14 de janeiro de 2010

Café simples-simples

Ele acorda mais antes do que sempre, e ela desperta de tanto que sacode, embora não deixe que perceba; é uma dessas mulheres desconfiadas das coisas do amor, desses de sono leve, dessas pessoas ativas que não ficam na cama até as onze horas de domingo; é uma mulher daquelas que apesar de estarem sempre impecavelmente asseadas nunca se atrasam.

Fica mais um pouco e sorri suavemente, acompanha-o por meio olho, entregue lisonjeada à espera, apesar da tanta-pouca magia das memórias dos dias do sempre recente, uma surpresa matinal, como um cafézinho gostoso simples-simples na cama, ou ele, de volta, num salto rápido, com a cintura dela entre suas coxas, desperte-a com um beijo faceiro, e uma cumprimentada de romance bonita e suave sussurrada.

Sim, dessa vez ele deve estar preparando algo, não é possível, dá pra ouvir os gritinhos estridentes dos talheres na cozinha, mas por outros tantos sinais em outros tantos dias como esse melhor é não esperar nada; a tristeza é grande, quase enorme, quando ela insiste em ficar na cama ainda mais - pois talvez tenha faltado tempo, e espera, espera, até que nada vem, depois de duas horas; e então, quando isso acontece, ela abre decididamente os dois olhos, volta pra si mesma, levanta da cama azeda e amarga já no passo duro, sem qualquer justificativa aparente, e em dias que se acorda assim o humor fica horroroso.

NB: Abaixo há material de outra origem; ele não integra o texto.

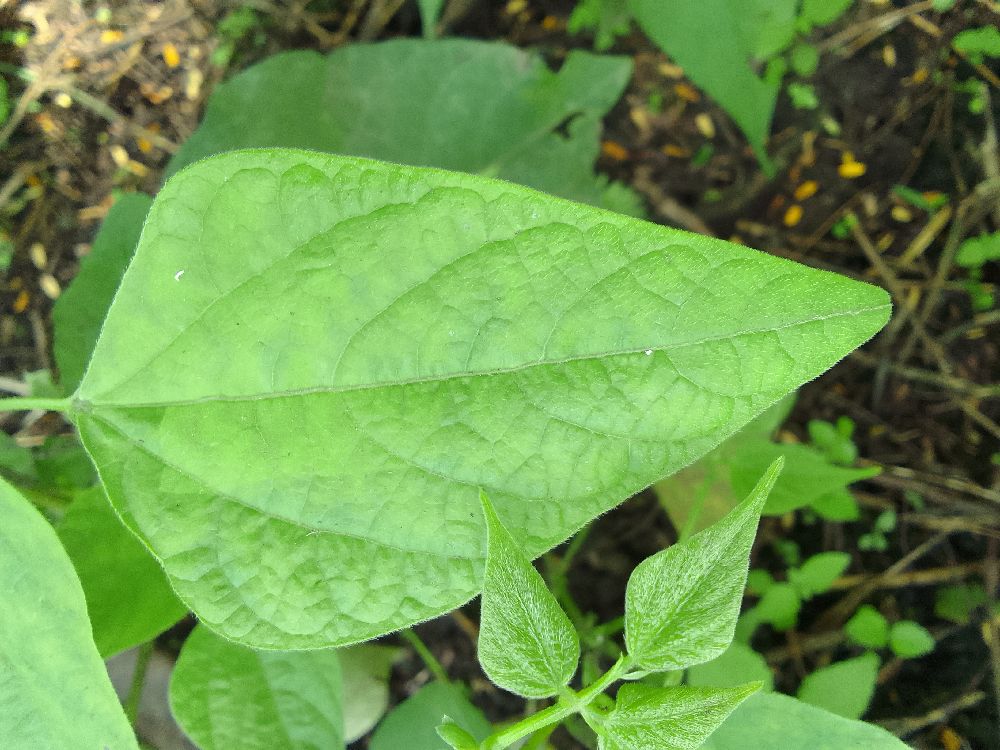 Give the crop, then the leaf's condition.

common bean, healthy
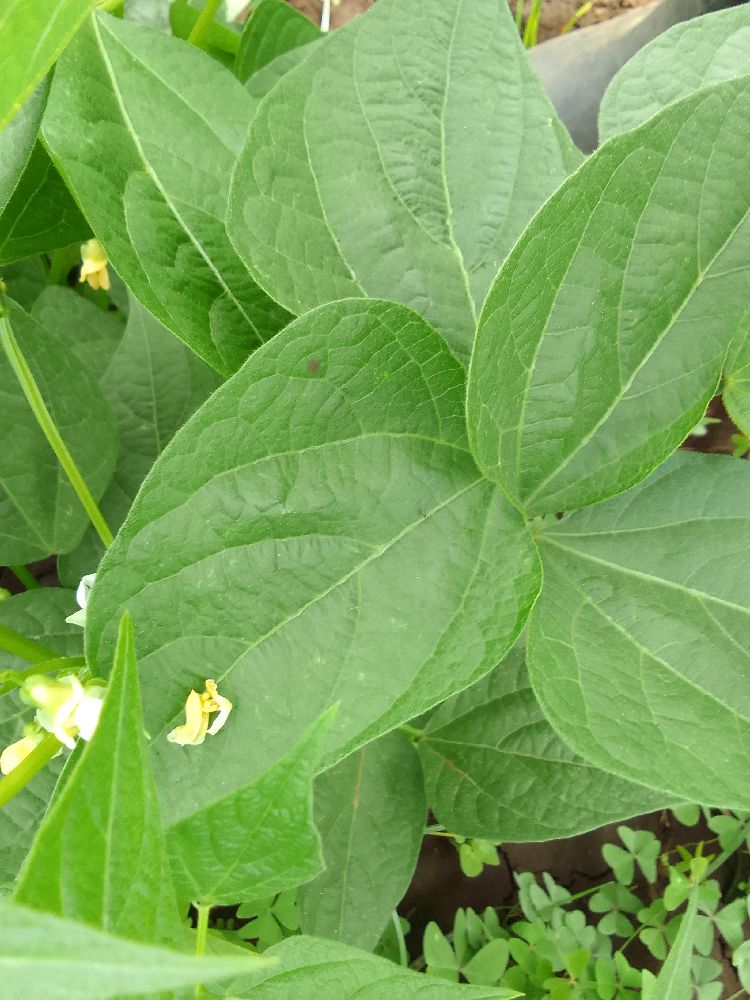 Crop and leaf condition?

common bean, healthy

Será que ele ao menos pensa nisso quando acorda assim antes, quer dizer, pensa em fazer uma surpresa mas não se incomoda tanto, ou nem pensa, nem por um segundo? Consegue ver a mulher bonita, esguia e escolhida, deitada dormindo como se estivesse largada num campo de lírios brancos, e mesmo sem ter o impulso e a vontade de lhe fazer o capricho não se lembra que é bom, de vez em quando, pra uma mulher, fazer um agrado, um afago curto, um beijo matinal sussurado de romance?

Como se não fosse deselegante julgar algum, não é possível julgar esse homem. É um homem comum, ordinário, prático, honrado pelo condicionamento, com um trabalho digno, especializado e socialmente reconhecido, e os homens práticos assim não se incomodam com tais tipos de bilhetinhos de amor, e ele afinal, convenhamos que foi uma escolha, calma de tão calculada, sóbria e lúcida de tão política.

Ela não se lembra em que ponto foi que se perdeu, quando foi que desistiu, em qual homem irresponsável e boêmio tropeçou, selando seus poros, mas de qualquer forma a vida organizou-se de maneira que exato esse modo prático de operar essa vida vazia de quem está enfiado até os joelhos na terra, esse modo tacanho de viver distraidamente numa bolha que deram o motivo para que se metesse, definitivamente, com esse homem de borracha, em uma vida a dois, e sabia que nada mais podia ser feito, dali em diante, pois a guerra, perdeu afinal, pra si mesma.